Over the decades of 1980, 1990, 2000, and 2010, the average extent of ice, during the first half year, has reduced significantly in 2000 and 2010 while the pattern seems reversed gradually in the second half year.
```{r}
north<-seaice%>%
filter(hemisphere=="north")
north<-north%>%
select(Year,Month,Extent)
melt_north<-melt(north,id.vars = c("Year","Month"),measure.vars ="Extent")
case_north<-dcast(melt_north,Year~Month,mean)
```
Row {.tabset .tabset-fade}
-----------------------------------------------------------------------
### Average Sea Ice Extent by Month & Year
```{r}
a<-list(title="Year")
b<-list(title="Average Extent (10^6 sq km)")
d<-list( x = 1.19,
y = 1.02,
text = 'Month',
xref = 'paper',
yref = 'paper',
showarrow = F
)
plot_ly(case_north,x=~Year,y=~Month)%>%
add_trace(y=~January,name="January",mode="scatter")%>%
add_trace(y=~February,name="February",mode="scatter")%>%
add_trace(y=~March,name="March",mode="scatter")%>%
add_trace(y=~April,name="April",mode="scatter")%>%
add_trace(y=~May,name="May",mode="scatter")%>%
add_trace(y=~June,name="June",mode="scatter")%>%
add_trace(y=~July,name="July",mode="scatter")%>%
add_trace(y=~August,name="August",mode="scatter")%>%
add_trace(y=~September,name="September",mode="scatter")%>%
add_trace(y=~October,name="October",mode="scatter")%>%
add_trace(y=~November,name="November",mode="scatter")%>%
add_trace(y=~December,name="December",mode="scatter")%>%
layout(title="Average Sea Ice Extent by Month & Year (North Hemisphere)",
xaxis=a,
yaxis=b,
annotations = d
)
```
### Comparison of Ice Cover
```{r}
ice<-read.csv("data/seaice.csv")
ice$Year = as.integer(ice$Year)
ice$Month = as.integer(ice$Month)
ice$Extent = as.numeric(ice$Extent)
ice$Missing = as.numeric(ice$Missing)
ice_monthly = ice %>%
filter(Year %in% c(1980,1990,2000,2010)) %>%
group_by(hemisphere, Year, Month) %>%
summarise(Extent = mean(Extent))
ggplot(ice_monthly, aes(x= as.factor(Month), y = ice_monthly$Extent, fill = hemisphere)) +
geom_bar(stat = "identity") + facet_wrap(~ Year,ncol = 2) +
ylab("Extent (in 10^6 sq km)") +
xlab("Months") +
ggtitle("Comparison of Month-wise Ice Cover") +
theme_minimal()
```
Summary
==============================
The global climate change is real.
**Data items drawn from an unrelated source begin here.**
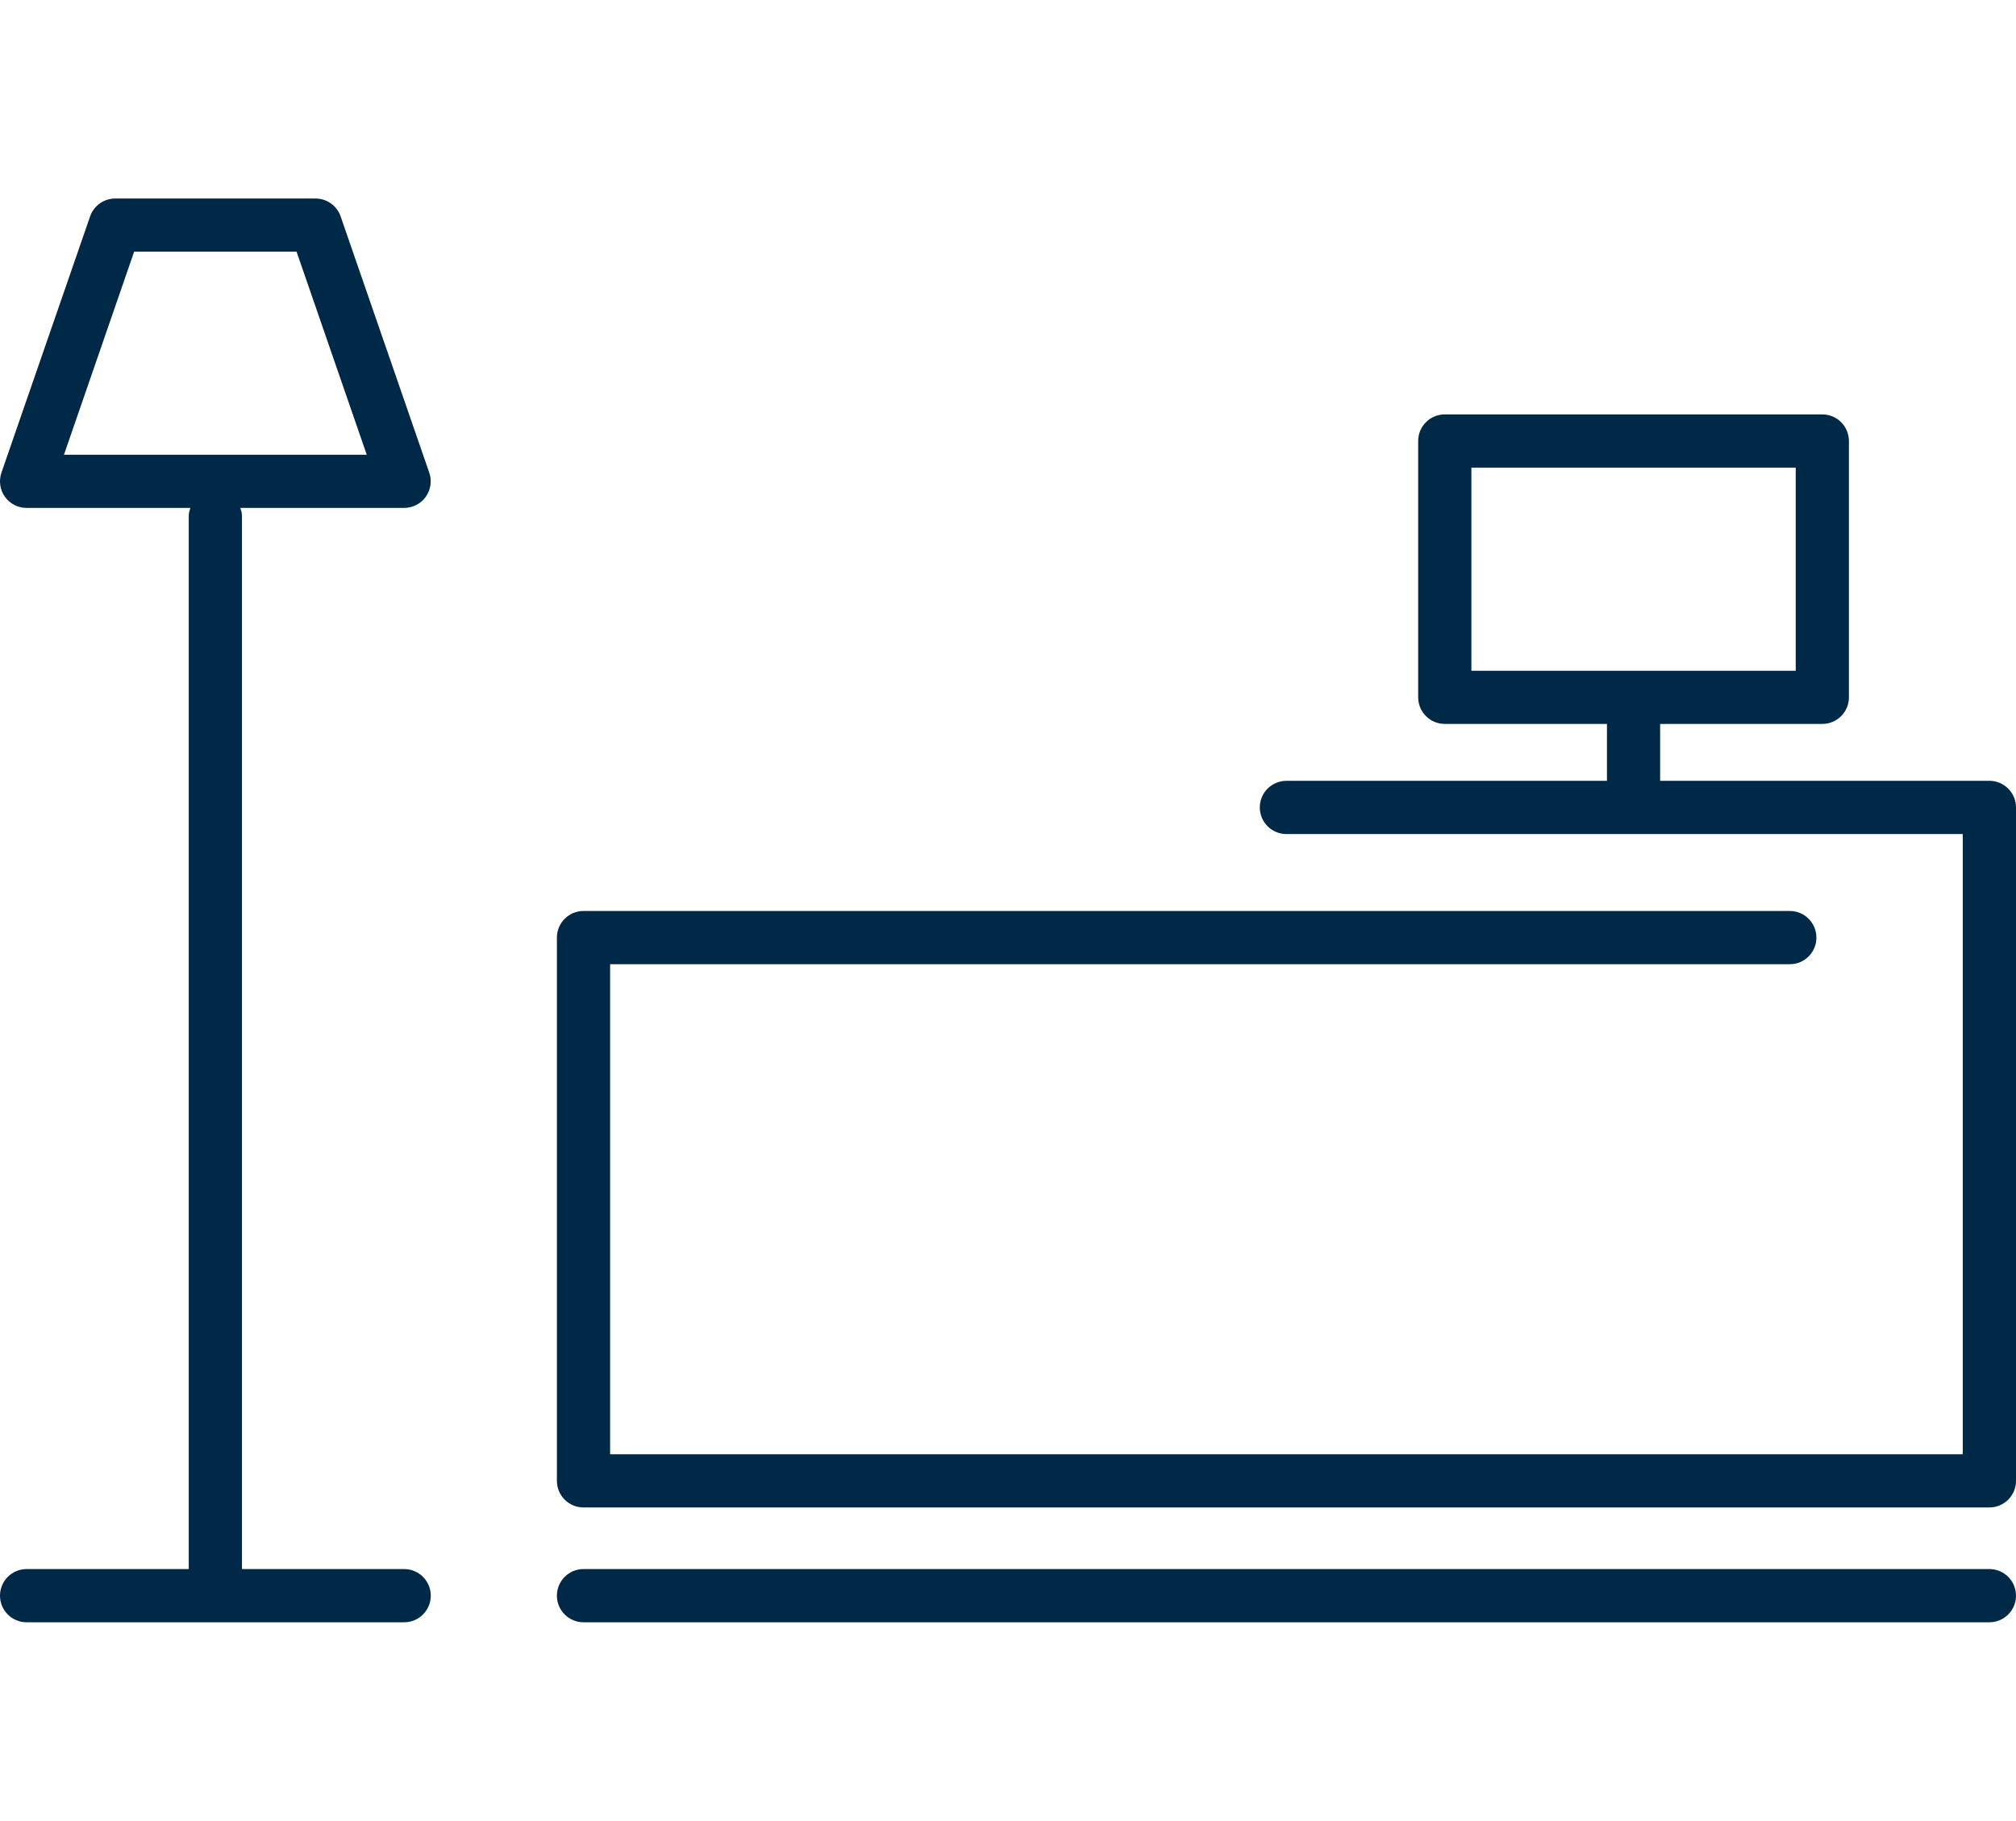 <?xml version="1.0" encoding="utf-8"?>
<!-- Generator: Adobe Illustrator 24.3.0, SVG Export Plug-In . SVG Version: 6.00 Build 0)  -->
<svg version="1.1" id="Livello_1" xmlns="http://www.w3.org/2000/svg" xmlns:xlink="http://www.w3.org/1999/xlink" x="0px" y="0px"
	 viewBox="0 0 500 451.54" style="enable-background:new 0 0 500 451.54;" xml:space="preserve">
<style type="text/css">
	.st0{fill:#002847;}
</style>
<path class="st0" d="M138.12,395.72c0,3.64,2.96,6.6,6.6,6.6H493.4c3.64,0,6.6-2.96,6.6-6.6c0-3.65-2.96-6.6-6.6-6.6H144.72
	C141.08,389.12,138.12,392.07,138.12,395.72 M15.86,112.78l17.41-50.37h40.28l17.41,50.37H15.86z M60.01,127.93
	c0-0.7-0.2-1.33-0.4-1.97h40.62c2.13,0,4.14-1.03,5.37-2.76c1.24-1.74,1.55-3.97,0.86-5.99L84.48,53.66
	c-0.92-2.65-3.42-4.43-6.24-4.43H28.58c-2.81,0-5.32,1.78-6.23,4.43L0.36,117.21c-0.69,2.02-0.38,4.25,0.86,5.99
	c1.24,1.74,3.25,2.76,5.37,2.76h40.62c-0.2,0.64-0.4,1.27-0.4,1.97v261.19H6.6c-3.64,0-6.6,2.95-6.6,6.6c0,3.64,2.96,6.6,6.6,6.6
	h93.64c3.64,0,6.6-2.96,6.6-6.6c0-3.65-2.96-6.6-6.6-6.6H60.01V127.93z M364.93,115.98h80.44v50.37h-80.44V115.98z M500,367.24v-167
	c0-3.64-2.96-6.6-6.6-6.6h-81.66v-14.11h40.22c3.65,0,6.6-2.95,6.6-6.6v-63.56c0-3.65-2.96-6.6-6.6-6.6h-93.63
	c-3.65,0-6.6,2.95-6.6,6.6v63.56c0,3.65,2.96,6.6,6.6,6.6h40.22v14.11h-79.5c-3.64,0-6.6,2.96-6.6,6.6c0,3.65,2.96,6.6,6.6,6.6
	H486.8v153.81H151.32V239.12h292.58c3.65,0,6.6-2.95,6.6-6.6c0-3.64-2.95-6.6-6.6-6.6H144.72c-3.65,0-6.6,2.96-6.6,6.6v134.72
	c0,3.65,2.96,6.6,6.6,6.6H493.4C497.04,373.84,500,370.89,500,367.24"/>
</svg>

The global temperature now is much abnormal than years before. The average temperature has changed in United States obviously.
The summer ice extent in North Hemisphere is lower than South while the winter is opposite.
In North Hemisphere, the average ice extent decreases by year in every month.
In South Hemisphere, the average ice extent decreases by year but stays relatively stable every month.